- EXERCISE DESCRIPTION
Read the listing below and copy out each line where the word "version" occurs.

- DATA FOR THIS EXERCISE

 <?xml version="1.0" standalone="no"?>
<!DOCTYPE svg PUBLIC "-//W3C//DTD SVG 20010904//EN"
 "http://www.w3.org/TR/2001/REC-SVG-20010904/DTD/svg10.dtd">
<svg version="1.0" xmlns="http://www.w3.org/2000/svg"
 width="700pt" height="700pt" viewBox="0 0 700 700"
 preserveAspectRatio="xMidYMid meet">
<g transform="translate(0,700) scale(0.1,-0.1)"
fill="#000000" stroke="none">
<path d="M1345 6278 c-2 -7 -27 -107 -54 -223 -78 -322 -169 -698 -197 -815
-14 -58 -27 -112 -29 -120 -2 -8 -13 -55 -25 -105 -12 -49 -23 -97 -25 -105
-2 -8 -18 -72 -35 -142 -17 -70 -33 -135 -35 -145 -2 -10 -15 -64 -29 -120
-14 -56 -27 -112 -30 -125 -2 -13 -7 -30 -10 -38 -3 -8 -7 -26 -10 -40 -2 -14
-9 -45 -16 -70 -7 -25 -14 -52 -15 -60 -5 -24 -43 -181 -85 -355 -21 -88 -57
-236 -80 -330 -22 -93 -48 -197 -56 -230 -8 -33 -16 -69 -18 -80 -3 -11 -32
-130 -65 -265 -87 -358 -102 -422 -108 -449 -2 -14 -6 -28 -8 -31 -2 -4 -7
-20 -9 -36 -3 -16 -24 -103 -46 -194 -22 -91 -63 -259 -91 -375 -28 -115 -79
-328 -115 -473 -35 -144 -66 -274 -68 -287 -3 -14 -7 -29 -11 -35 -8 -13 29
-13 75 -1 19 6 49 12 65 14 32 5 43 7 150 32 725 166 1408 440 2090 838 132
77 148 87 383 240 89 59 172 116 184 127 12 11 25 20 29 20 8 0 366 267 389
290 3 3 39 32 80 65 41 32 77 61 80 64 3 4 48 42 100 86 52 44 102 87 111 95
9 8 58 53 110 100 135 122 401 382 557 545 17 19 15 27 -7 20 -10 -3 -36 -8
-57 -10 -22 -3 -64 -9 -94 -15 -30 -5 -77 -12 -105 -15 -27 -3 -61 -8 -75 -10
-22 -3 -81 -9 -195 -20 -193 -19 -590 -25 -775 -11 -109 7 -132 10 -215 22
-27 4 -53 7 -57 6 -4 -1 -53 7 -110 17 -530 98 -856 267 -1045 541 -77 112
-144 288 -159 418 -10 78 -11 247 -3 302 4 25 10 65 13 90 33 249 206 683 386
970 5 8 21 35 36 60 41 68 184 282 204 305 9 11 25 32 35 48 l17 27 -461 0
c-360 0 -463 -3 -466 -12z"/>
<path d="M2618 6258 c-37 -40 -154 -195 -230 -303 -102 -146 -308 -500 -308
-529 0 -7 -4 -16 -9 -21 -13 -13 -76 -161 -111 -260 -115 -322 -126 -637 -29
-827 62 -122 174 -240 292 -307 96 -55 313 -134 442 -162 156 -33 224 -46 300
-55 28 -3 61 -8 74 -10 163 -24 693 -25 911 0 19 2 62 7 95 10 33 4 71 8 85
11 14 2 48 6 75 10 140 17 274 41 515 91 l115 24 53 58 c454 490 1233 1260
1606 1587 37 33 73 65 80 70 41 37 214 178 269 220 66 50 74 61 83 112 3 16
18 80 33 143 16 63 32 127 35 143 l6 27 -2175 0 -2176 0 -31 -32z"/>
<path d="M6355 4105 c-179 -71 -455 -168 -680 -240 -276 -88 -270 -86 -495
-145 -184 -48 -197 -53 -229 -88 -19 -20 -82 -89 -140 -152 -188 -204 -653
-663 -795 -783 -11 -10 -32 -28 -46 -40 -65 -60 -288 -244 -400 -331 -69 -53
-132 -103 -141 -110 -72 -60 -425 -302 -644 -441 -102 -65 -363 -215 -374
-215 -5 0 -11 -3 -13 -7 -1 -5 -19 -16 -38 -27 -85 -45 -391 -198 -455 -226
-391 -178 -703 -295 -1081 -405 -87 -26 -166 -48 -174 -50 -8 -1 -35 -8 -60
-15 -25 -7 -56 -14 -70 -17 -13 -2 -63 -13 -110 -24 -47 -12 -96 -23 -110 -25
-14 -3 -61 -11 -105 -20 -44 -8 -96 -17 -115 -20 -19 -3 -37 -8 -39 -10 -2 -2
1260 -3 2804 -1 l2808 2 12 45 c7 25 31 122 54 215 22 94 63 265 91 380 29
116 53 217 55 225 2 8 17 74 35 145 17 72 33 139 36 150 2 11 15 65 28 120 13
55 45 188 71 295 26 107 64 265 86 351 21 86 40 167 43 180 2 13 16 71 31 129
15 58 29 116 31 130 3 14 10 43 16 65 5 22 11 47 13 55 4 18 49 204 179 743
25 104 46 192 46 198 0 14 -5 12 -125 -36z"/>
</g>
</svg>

- WRITTEN RESPONSE
 <?xml version="1.0" standalone="no"?>
<svg version="1.0" xmlns="http://www.w3.org/2000/svg"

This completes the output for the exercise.